Reducing the Element of Surprise! - Rethinking Risk Management
There’s also a need to drill down on existing risk mitigation efforts, says Yasir Masood, PMI-RMP, PMP, project and risk consultant, GleeYM, Toronto. Masood develops risk register supporting documents like mind maps, influence diagrams and decision trees. He also performs “What if?” analyses to assess different scenarios, particularly unknown risks.
“My goal is to keep the risk register simple and easy to understand by all stakeholders,” says Masood, who served on a committee this year to update PMI’s Risk Management Professional (PMI-RMP)® certification exam. “People try to add information to the risk register, and it creates confusion, particularly when the risk register is reviewed by the top management and people who are not directly involved. So my goal is to keep it simple and to the point so everyone in the organization can understand the language and context.”
Seeking Smart Solutions
AI and machine learning can be particularly helpful to assess risks for supply chain interruption and during infrastructure or environmental projects, Masood says. But he cautions project leaders to not blindly follow bots—they need to balance those insights against human input and analysis.
“Projects are for people and managed by the people,” Masood says.
While it’s good that AI and other tech tools are being used to maximize productivity and improve projects, many people who are change-averse get biased and try to find ways to make the technology fail, resulting in cost overruns and delays Masood says.
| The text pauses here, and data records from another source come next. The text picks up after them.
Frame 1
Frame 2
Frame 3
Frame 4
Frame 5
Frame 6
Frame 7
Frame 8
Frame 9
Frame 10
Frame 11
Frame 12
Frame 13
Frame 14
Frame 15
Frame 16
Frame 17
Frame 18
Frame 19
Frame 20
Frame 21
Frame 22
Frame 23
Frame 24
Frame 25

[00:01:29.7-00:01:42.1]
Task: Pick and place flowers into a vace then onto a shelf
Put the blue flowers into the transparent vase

Beyond that, AI can’t account for valuable feedback from major stakeholders who have the power to apply pressure that can either delay or stop a project. Software can help teams select a route for a pipeline or railway based on available data, but AI-driven decisions can be rejected or changed based on feedback from community members as well as government and regulatory bodies.
“Therefore, balance is important between people and AI while decision making,” Masood says.
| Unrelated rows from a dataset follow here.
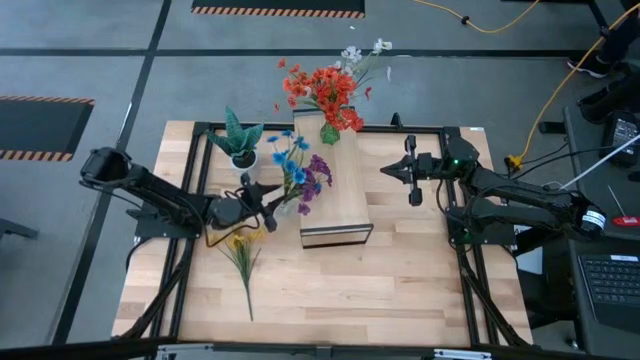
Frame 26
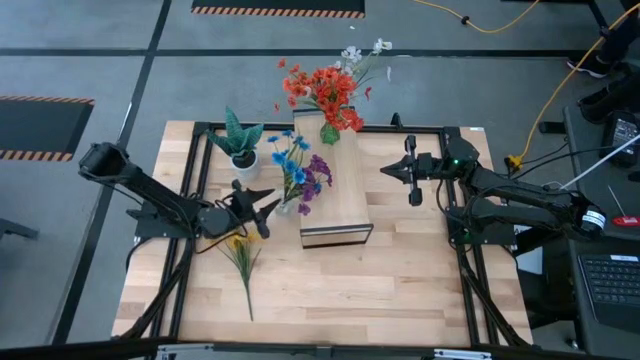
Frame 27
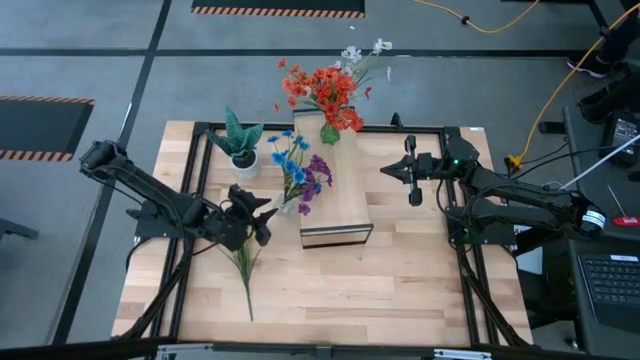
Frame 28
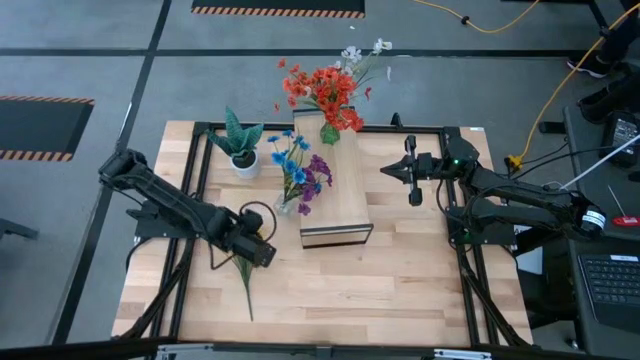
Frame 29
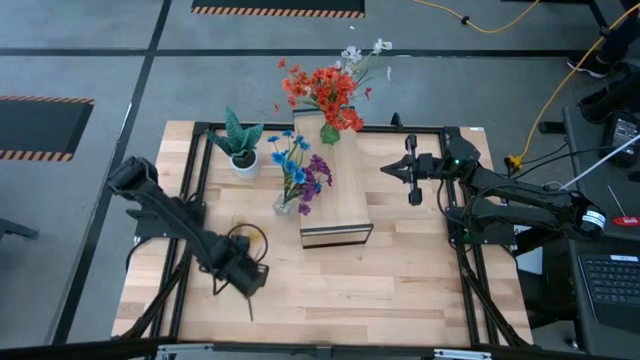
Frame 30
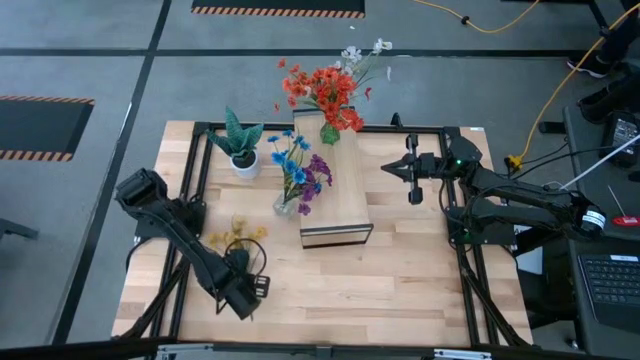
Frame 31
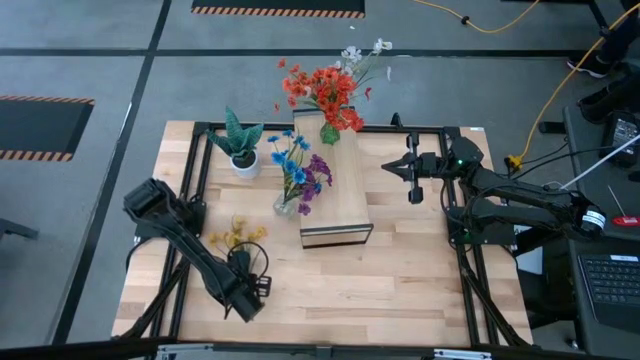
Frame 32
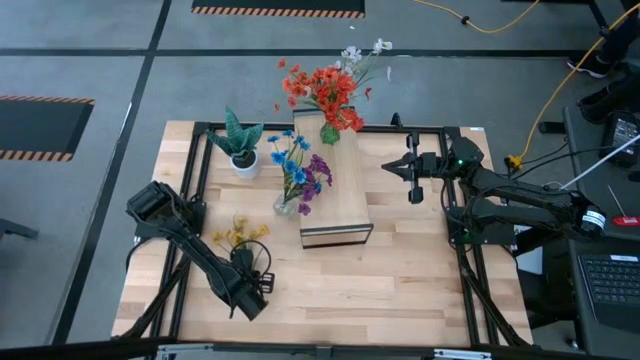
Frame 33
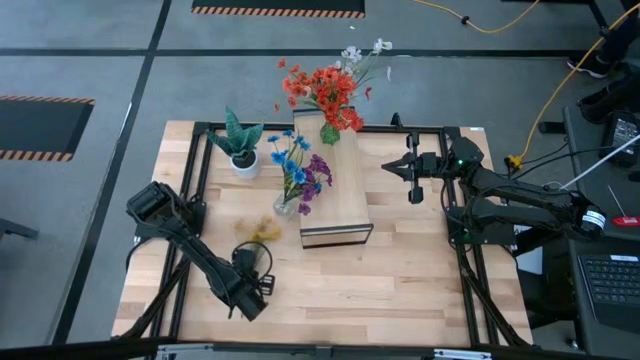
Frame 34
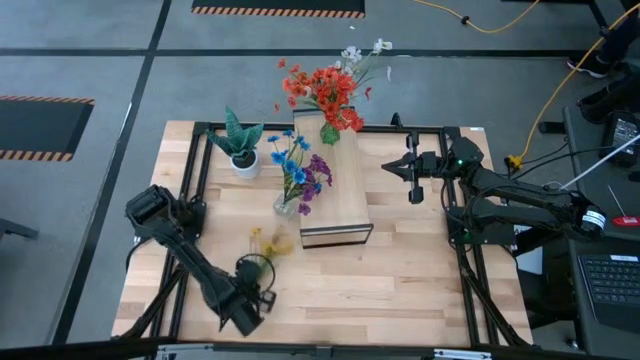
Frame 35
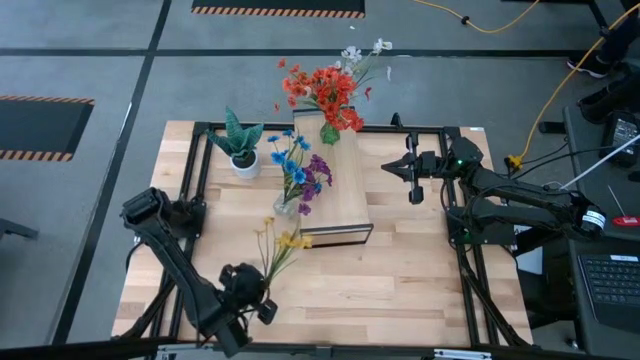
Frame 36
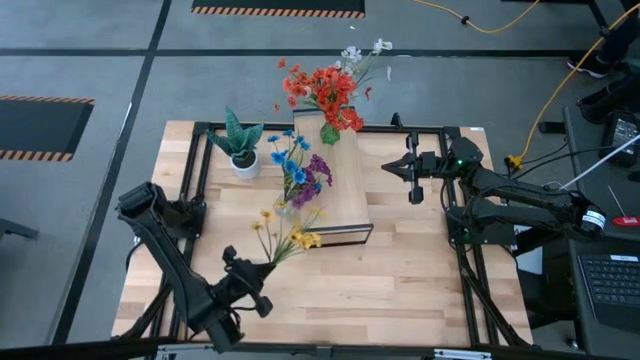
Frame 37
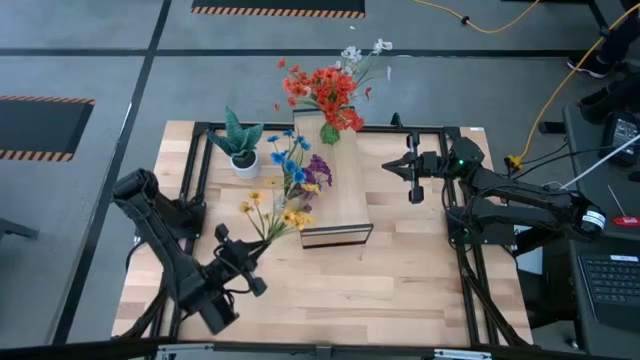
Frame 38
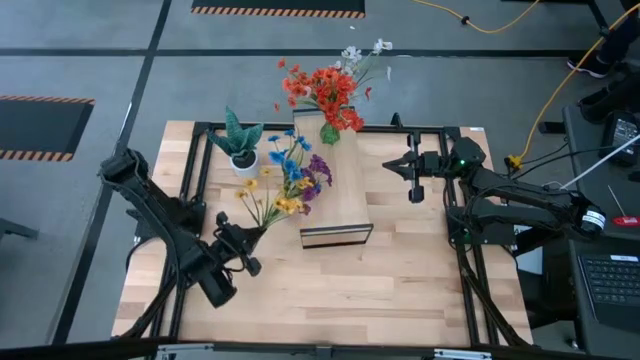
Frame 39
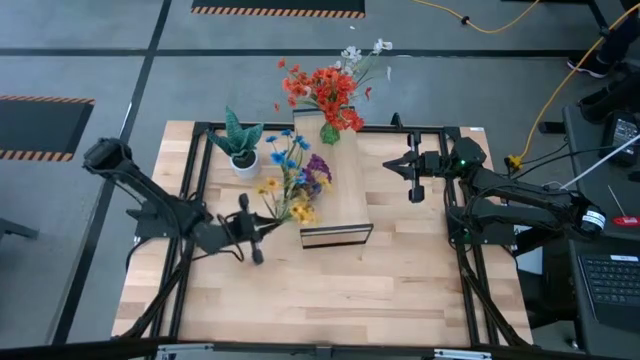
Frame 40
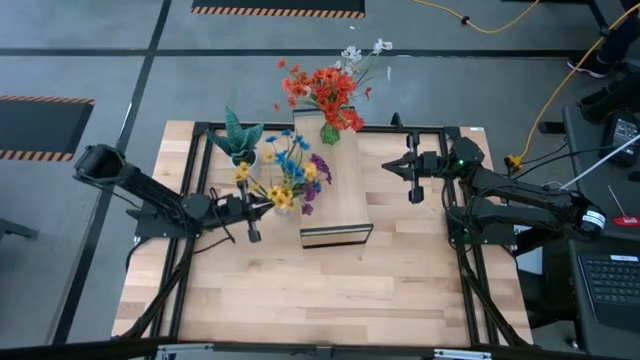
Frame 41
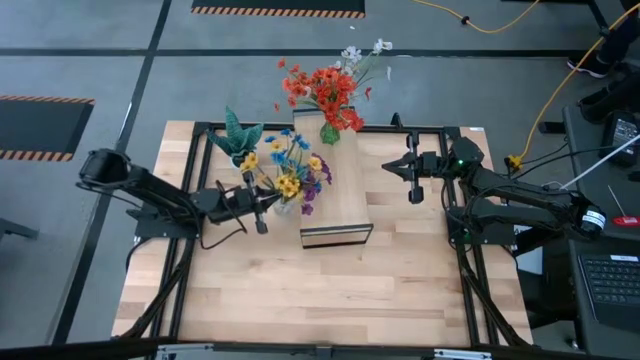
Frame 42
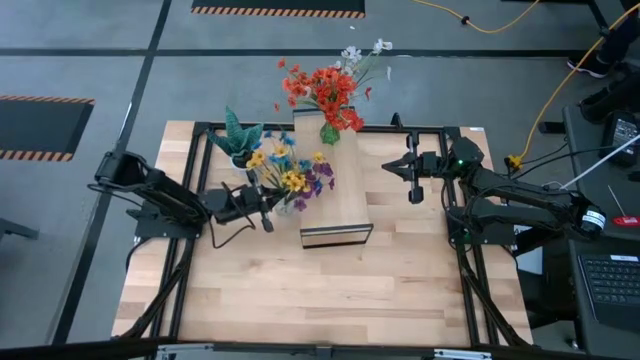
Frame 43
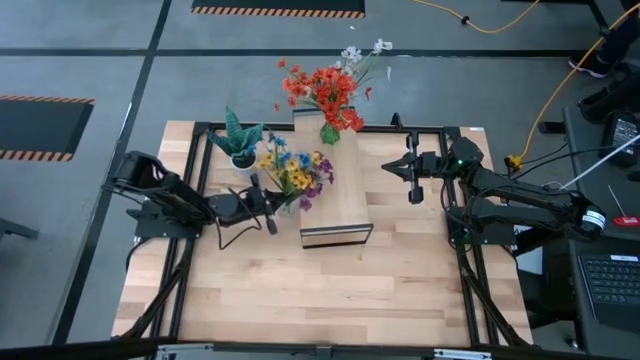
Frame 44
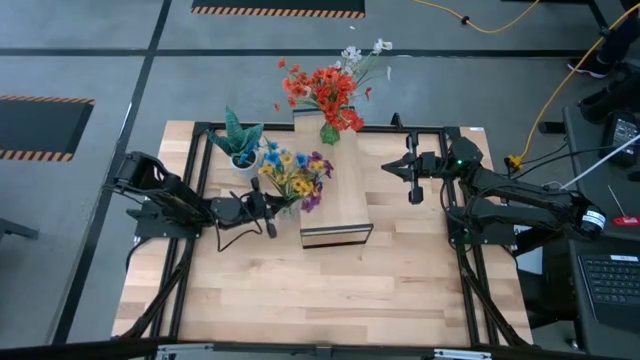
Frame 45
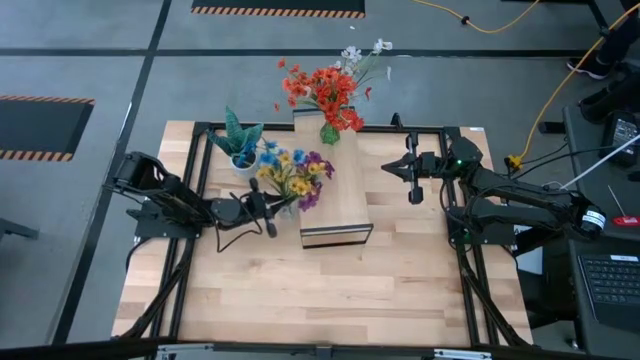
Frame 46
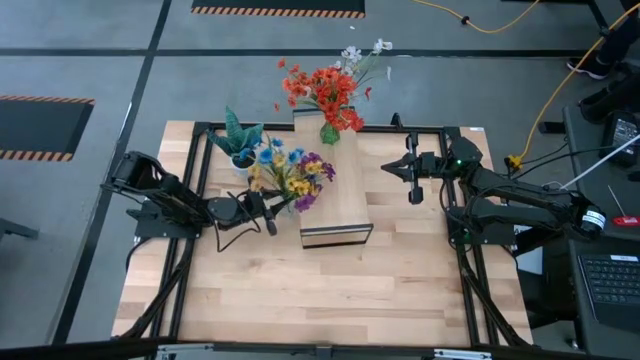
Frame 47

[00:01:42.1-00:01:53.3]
Put the yellow flowers into the transparent vase

Case in point: The European Space Agency says the planned 2022 launch of its first Mars rover will likely be delayed by at least four years after it suspended relations with Russia’s Roscosmos space agency, a project partner, because of Russia’s invasion of Ukraine. The postponement will also force scientists to wait for the mission’s ultimate payoff: critical research data. Meanwhile, supply chain barriers have slowed the launch of solar farm projects in South Africa. Potential project backers retreated amid the rising costs of shipping photovoltaic panels, putting on hold plans to build out more sustainable energy in the region.